Collection entries:
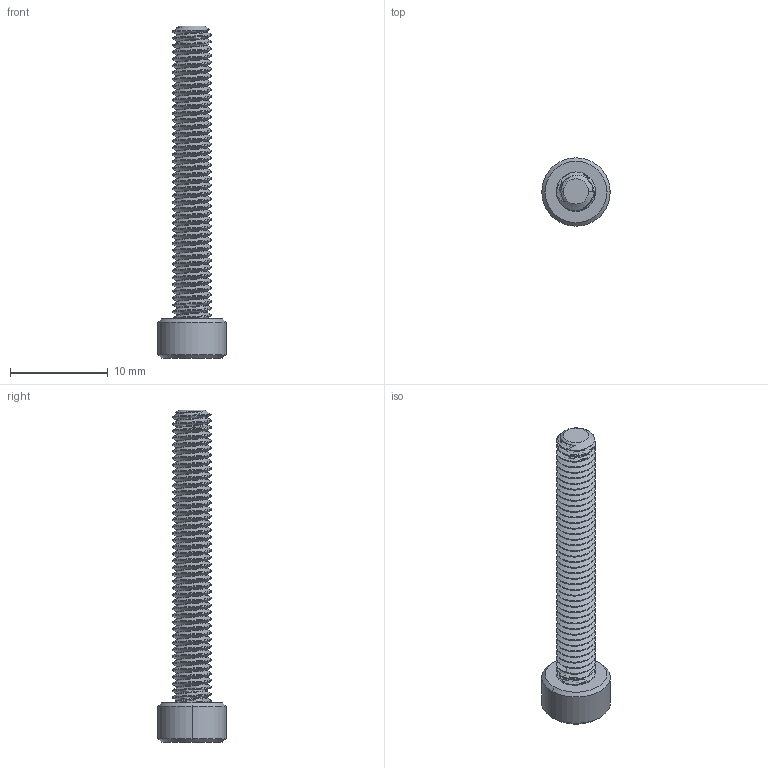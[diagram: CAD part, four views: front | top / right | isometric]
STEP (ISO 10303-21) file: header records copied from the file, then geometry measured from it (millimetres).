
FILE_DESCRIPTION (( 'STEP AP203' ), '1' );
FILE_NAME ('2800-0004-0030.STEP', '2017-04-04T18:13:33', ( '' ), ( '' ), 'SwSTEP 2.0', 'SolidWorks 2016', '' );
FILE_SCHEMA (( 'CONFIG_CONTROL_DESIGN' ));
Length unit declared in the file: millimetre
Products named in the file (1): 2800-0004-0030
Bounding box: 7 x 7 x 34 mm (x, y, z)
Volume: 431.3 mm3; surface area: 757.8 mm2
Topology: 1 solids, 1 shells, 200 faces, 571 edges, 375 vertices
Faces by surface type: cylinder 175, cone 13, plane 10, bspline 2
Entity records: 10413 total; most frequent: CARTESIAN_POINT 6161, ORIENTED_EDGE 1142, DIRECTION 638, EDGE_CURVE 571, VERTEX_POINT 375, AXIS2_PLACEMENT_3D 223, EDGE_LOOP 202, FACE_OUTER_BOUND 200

...

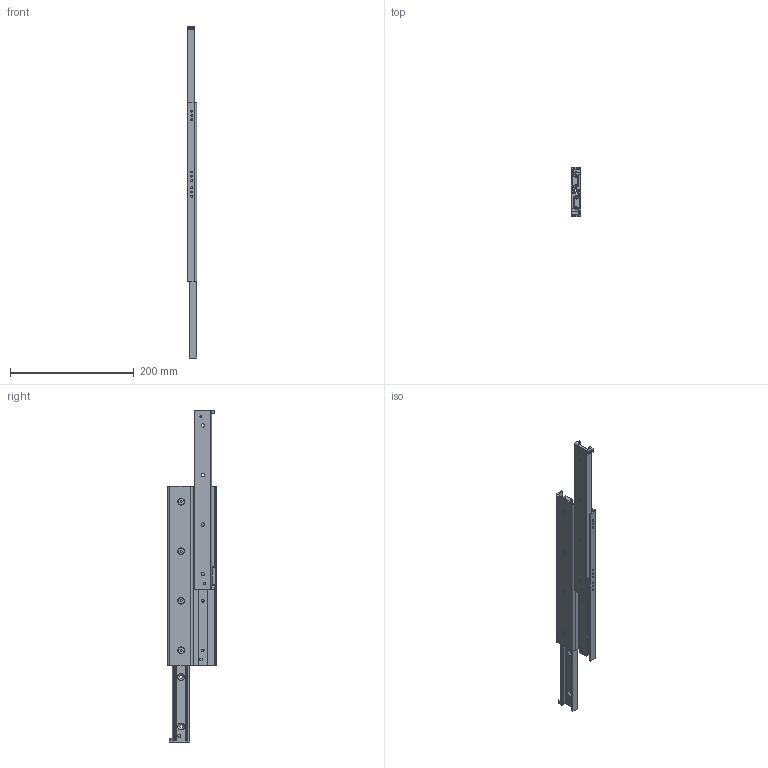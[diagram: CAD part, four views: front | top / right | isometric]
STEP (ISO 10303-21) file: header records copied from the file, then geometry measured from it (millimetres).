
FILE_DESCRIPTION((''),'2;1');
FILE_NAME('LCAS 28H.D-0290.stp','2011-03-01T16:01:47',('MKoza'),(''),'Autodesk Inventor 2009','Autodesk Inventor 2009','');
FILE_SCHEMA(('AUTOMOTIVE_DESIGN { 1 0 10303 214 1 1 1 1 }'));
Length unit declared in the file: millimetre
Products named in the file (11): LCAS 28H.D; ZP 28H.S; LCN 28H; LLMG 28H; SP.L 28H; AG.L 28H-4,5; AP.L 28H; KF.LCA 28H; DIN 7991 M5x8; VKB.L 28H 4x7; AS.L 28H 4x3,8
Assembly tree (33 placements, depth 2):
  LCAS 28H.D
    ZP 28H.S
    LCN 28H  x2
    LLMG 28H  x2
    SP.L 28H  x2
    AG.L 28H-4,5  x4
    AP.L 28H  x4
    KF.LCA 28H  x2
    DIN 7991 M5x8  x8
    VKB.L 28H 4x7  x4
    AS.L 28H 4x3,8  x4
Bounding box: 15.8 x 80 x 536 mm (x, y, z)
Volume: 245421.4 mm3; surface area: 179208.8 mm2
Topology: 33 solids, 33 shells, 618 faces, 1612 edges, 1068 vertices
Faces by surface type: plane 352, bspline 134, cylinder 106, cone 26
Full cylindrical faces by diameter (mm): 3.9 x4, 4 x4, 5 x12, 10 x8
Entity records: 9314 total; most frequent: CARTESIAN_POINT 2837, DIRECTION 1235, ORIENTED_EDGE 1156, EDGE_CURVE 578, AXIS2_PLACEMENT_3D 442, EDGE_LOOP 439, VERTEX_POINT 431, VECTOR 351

---

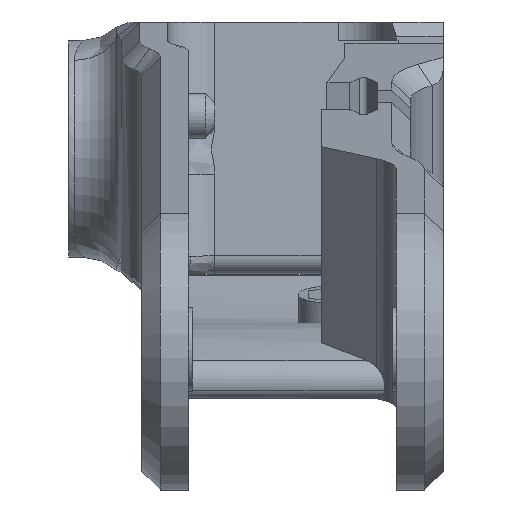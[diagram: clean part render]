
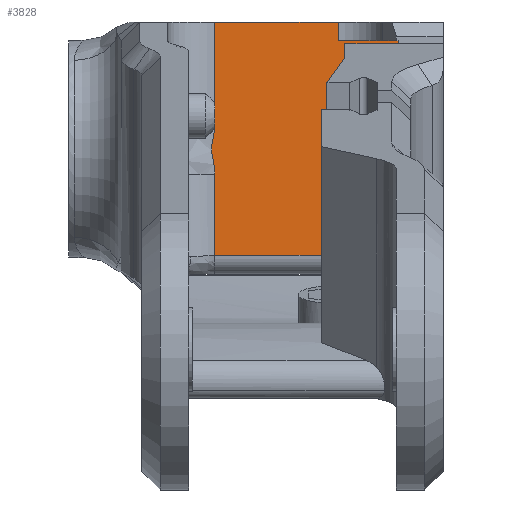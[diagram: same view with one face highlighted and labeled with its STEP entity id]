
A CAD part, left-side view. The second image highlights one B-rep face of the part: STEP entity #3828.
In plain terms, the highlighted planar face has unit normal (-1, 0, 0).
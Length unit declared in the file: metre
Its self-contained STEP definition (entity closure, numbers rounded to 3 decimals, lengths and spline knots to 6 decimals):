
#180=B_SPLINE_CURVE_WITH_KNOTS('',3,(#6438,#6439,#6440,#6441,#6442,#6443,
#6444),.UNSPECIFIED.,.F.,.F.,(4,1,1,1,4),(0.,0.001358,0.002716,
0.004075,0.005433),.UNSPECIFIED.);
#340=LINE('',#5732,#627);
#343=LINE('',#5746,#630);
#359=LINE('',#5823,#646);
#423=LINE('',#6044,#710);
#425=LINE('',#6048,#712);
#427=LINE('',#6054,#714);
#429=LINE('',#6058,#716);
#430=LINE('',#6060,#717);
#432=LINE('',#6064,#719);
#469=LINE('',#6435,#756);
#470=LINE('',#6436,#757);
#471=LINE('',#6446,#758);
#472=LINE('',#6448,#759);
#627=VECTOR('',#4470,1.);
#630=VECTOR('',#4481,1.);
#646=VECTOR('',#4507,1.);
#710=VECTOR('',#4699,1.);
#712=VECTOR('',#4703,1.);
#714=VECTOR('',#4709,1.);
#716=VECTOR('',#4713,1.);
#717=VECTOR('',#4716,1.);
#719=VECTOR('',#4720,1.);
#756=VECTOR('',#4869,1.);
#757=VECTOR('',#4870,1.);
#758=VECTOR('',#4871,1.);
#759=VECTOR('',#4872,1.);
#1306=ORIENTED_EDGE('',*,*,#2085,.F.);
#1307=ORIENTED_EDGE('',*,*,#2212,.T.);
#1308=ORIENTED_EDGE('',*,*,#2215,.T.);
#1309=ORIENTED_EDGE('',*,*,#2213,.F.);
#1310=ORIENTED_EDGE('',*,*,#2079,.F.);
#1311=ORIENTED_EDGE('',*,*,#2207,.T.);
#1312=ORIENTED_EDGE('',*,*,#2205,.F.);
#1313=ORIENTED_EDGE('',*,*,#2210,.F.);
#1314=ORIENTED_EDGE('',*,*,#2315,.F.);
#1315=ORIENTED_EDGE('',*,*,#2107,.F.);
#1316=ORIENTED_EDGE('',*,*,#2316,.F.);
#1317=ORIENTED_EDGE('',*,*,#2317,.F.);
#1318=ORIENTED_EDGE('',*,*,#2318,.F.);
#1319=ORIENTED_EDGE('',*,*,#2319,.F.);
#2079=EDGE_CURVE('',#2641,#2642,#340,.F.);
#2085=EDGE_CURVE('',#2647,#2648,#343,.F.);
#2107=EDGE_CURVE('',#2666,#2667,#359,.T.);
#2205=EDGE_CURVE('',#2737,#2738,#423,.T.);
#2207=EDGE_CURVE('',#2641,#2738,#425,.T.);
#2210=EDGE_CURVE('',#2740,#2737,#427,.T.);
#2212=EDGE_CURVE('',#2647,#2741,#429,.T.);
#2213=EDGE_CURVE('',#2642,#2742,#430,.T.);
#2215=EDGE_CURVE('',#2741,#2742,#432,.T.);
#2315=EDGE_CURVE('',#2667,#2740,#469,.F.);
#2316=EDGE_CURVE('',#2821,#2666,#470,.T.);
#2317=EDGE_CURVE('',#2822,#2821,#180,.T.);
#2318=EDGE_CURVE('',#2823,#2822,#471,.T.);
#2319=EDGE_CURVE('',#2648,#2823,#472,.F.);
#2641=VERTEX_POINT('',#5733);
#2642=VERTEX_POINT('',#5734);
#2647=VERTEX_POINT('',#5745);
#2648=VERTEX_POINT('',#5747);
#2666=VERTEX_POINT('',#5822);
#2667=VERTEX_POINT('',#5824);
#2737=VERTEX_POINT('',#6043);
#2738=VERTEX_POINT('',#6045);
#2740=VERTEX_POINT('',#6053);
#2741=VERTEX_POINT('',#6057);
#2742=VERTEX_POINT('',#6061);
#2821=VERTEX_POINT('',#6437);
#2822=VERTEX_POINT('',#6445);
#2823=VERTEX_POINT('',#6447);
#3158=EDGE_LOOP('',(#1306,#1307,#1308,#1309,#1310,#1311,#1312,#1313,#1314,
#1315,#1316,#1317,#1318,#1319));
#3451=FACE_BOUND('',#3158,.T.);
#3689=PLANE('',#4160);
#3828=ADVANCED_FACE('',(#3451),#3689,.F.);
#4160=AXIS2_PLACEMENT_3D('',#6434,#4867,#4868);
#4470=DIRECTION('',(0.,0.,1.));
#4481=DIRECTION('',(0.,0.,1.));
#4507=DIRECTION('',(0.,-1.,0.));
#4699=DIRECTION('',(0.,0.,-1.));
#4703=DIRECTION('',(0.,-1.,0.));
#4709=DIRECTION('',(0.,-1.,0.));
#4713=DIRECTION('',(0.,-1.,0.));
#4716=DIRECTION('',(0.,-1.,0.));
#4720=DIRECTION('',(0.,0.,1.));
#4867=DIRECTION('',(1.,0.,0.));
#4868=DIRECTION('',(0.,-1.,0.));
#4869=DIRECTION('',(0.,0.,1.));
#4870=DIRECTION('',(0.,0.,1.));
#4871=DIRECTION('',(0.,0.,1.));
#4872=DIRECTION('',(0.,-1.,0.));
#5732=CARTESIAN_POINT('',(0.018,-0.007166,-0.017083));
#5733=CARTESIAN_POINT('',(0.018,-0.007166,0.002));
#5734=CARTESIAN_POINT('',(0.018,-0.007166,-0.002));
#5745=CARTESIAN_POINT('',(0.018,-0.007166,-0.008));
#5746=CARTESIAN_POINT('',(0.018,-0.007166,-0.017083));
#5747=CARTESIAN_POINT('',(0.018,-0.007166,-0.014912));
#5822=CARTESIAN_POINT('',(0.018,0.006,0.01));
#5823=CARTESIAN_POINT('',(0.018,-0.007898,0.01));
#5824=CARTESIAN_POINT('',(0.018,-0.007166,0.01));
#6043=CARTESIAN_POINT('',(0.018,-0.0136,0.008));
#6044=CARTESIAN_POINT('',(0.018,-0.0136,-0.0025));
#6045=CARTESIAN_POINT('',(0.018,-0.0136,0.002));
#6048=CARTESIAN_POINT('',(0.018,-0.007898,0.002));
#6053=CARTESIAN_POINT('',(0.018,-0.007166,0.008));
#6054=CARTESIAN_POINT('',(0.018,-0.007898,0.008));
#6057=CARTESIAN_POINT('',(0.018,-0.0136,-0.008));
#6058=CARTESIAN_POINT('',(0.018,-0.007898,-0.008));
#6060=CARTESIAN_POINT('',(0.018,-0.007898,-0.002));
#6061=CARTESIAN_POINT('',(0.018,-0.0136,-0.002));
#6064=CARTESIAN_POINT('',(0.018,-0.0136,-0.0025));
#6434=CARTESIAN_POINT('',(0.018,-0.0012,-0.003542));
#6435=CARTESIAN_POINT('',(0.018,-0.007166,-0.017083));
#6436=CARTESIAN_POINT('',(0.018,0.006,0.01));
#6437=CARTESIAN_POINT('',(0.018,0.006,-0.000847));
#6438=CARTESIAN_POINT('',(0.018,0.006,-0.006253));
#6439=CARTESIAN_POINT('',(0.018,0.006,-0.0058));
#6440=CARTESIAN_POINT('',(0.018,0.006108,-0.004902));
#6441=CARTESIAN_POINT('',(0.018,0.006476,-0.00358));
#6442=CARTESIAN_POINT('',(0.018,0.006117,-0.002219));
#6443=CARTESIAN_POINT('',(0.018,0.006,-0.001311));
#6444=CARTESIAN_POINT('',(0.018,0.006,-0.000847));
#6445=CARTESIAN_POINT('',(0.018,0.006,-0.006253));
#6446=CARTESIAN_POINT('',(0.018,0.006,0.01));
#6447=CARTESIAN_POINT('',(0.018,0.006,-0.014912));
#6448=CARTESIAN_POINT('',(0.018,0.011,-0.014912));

• **What is being asked**:
Copy the lines above exactly, starting at the one with "[diagram: clean part render]" and ending at the one with "Length unit declared in the file: metre", both included. Leave out any pictures and add nothing else.

• **Task result**:
[diagram: clean part render]
[diagram: same view with one face highlighted and labeled with its STEP entity id]
A CAD part, left-side view. The second image highlights one B-rep face of the part: STEP entity #3828.
In plain terms, the highlighted planar face has unit normal (-1, 0, 0).
Length unit declared in the file: metre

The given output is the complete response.